Ubuntu 12.4

(I think that that is the distro I am using.) …

9th May 2013
I am using the Ubuntu OS for the first time since the end of 2012 and find it less irritating than I no longer remember. I think the way that the margin stays the edge of the left hand of the screen and prevents Writer from reaching right across was the original problem. Maybe I will get used to it. I can always switch the margin off in Settings.

10th May.

I am using the OS this morning to write another essay and I have found my original complaint with Unity. I can't see my way around it. It is as confusing to find files as my first efforts at Linux were.

I can't open a file and switch to and fro between that and another one. I don't know how to make an open file drop out of sight temporarily and I have to close everything down and reopen stuff all over again to get anything done with it.

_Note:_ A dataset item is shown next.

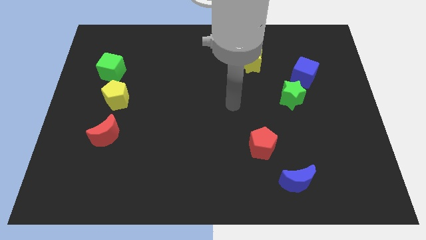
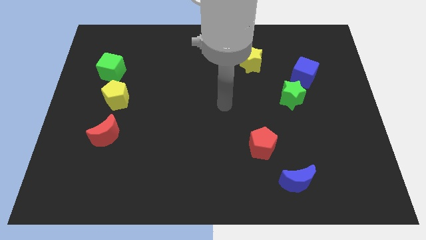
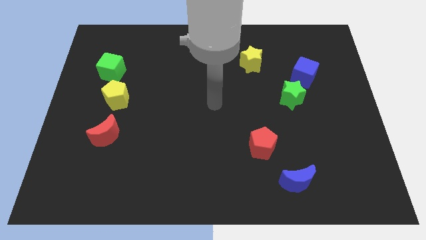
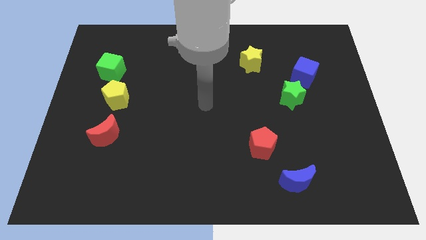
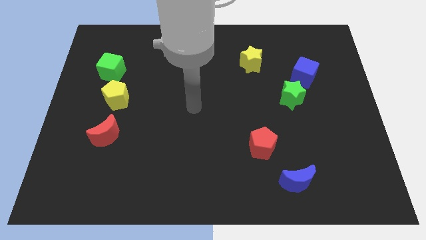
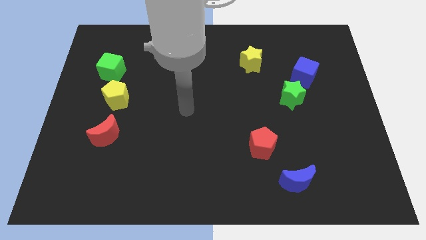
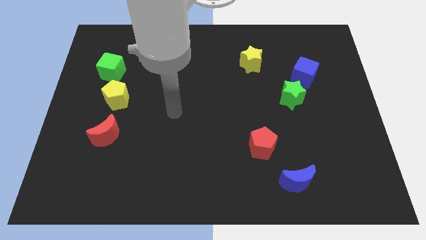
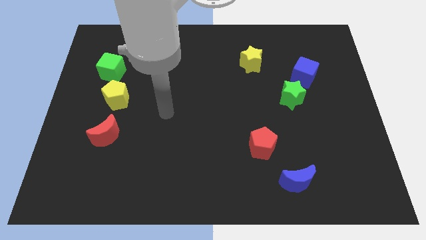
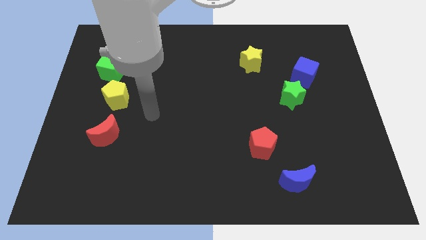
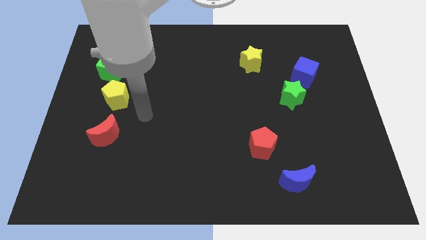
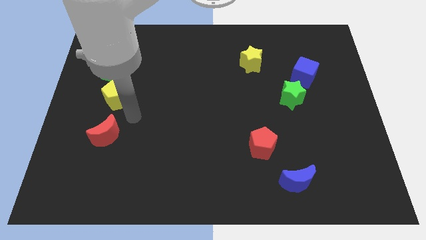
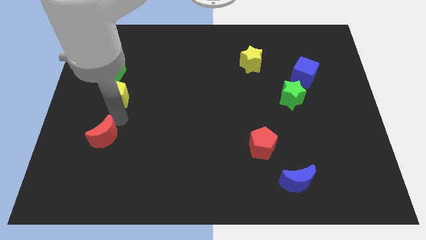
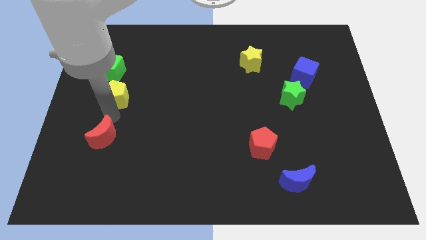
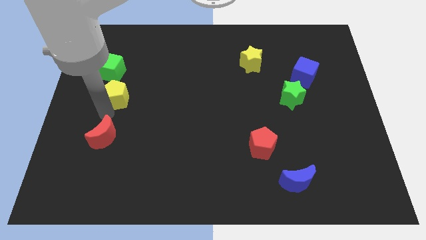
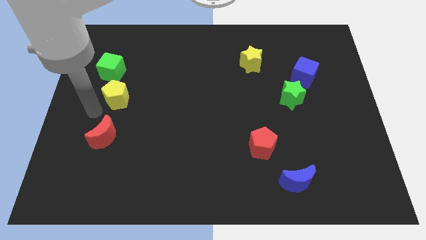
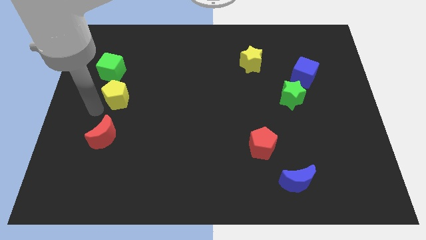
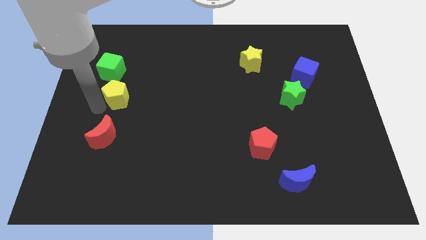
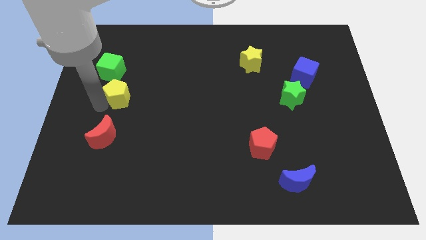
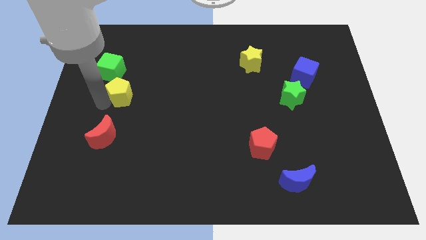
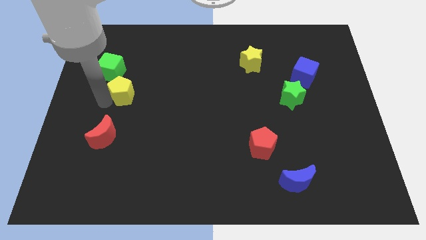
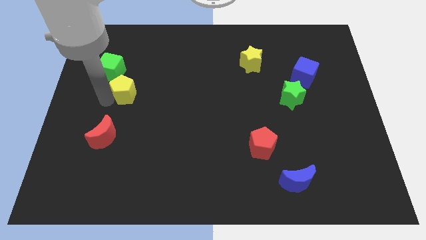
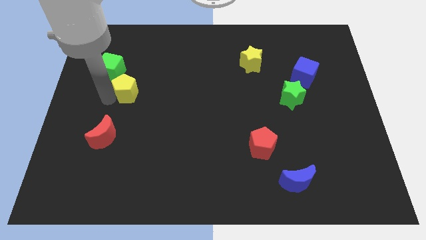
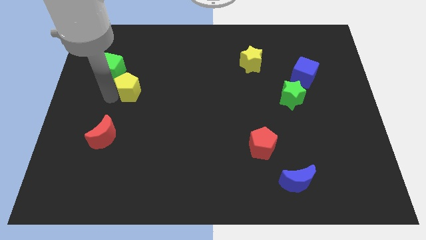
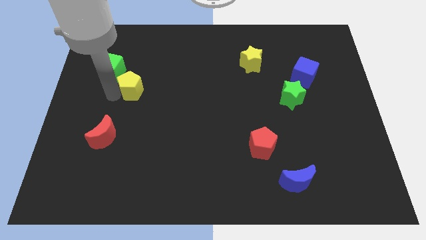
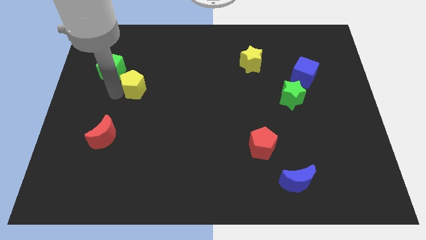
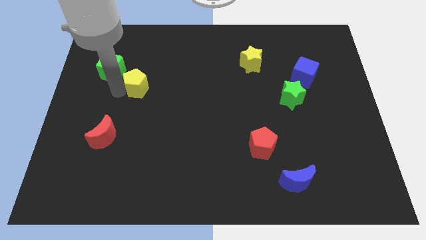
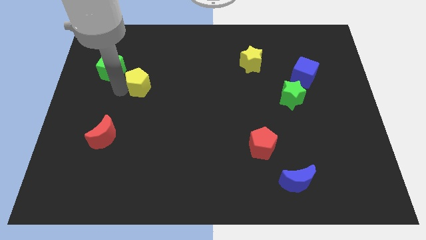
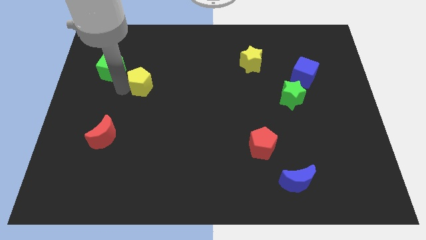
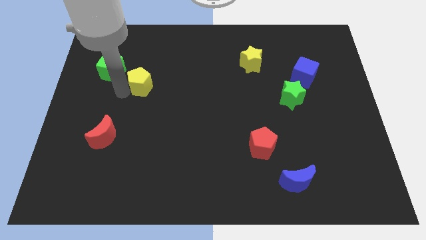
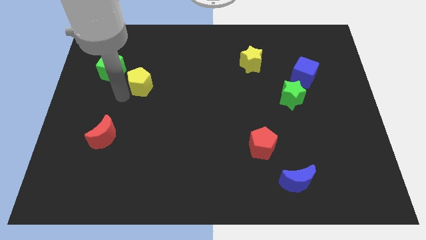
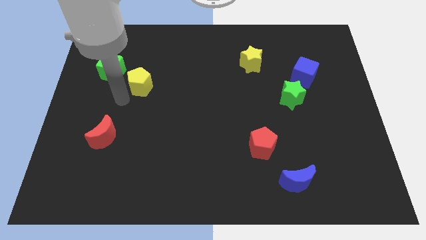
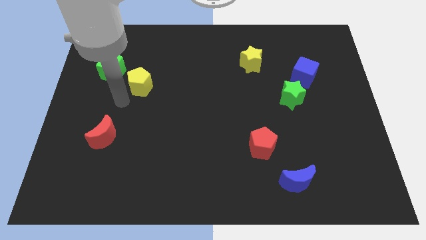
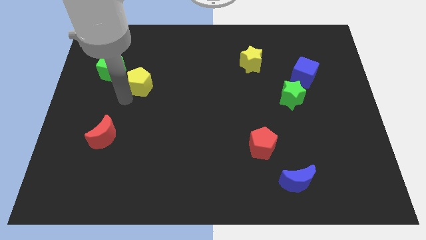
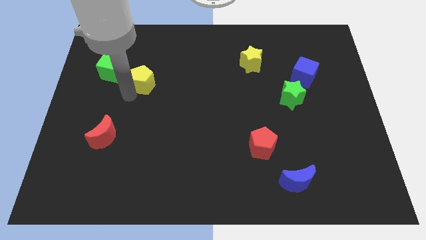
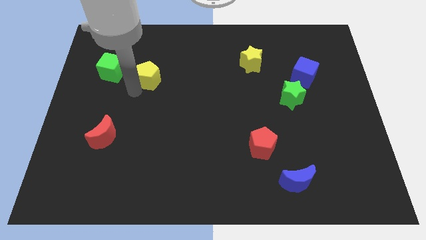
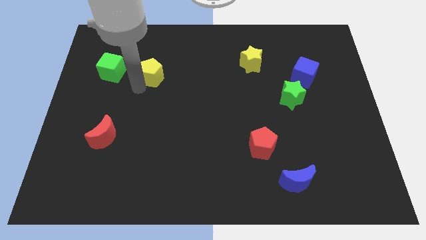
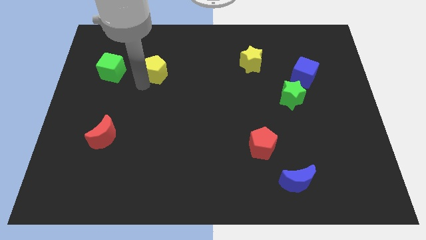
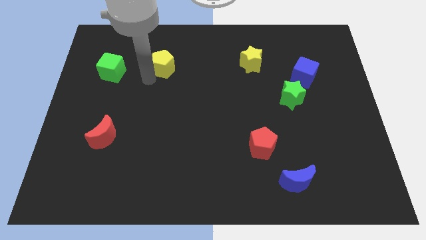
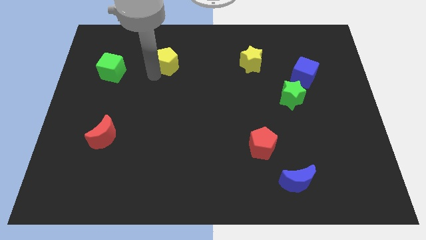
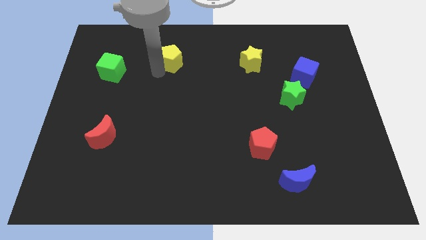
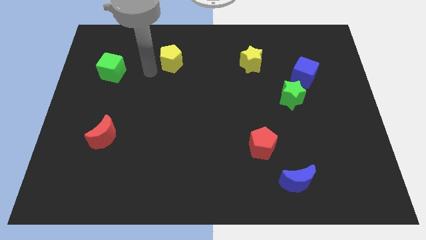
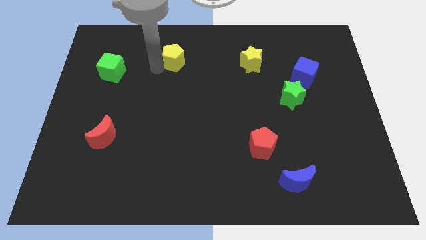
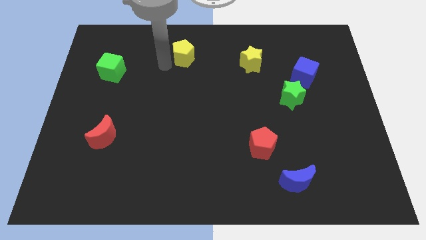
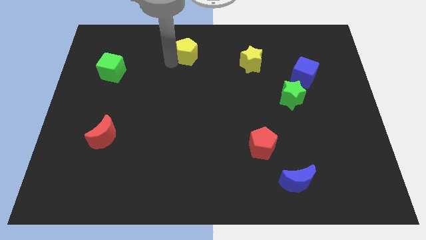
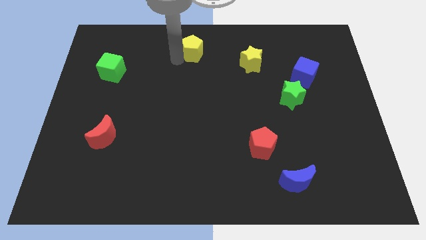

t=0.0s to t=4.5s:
push the yellow pentagon to the top side

I can understand why heavy users settled into Microsoft won't change if they don't have to. I can only imagine that the payment in kind Microsoft extracts in expecting their users to bone up on second hand security measures (which are generally ineffectual and certainly time consuming) wshes away in the general utility of the nonesense of its features. That is:

It can be used fairly easily.

Why Unity has been developed to run the way it does defeats explanation. I think I am going to hate it and get rid of it in the next few days.

OK I just found out that the diminish and hide buttons along with the close one is on the top left of the open file and that if you diminish it you get the buttons on the top left of the file itself.

Why have they done that?

It is painfully different and seems to adds no redeeming feature to anything.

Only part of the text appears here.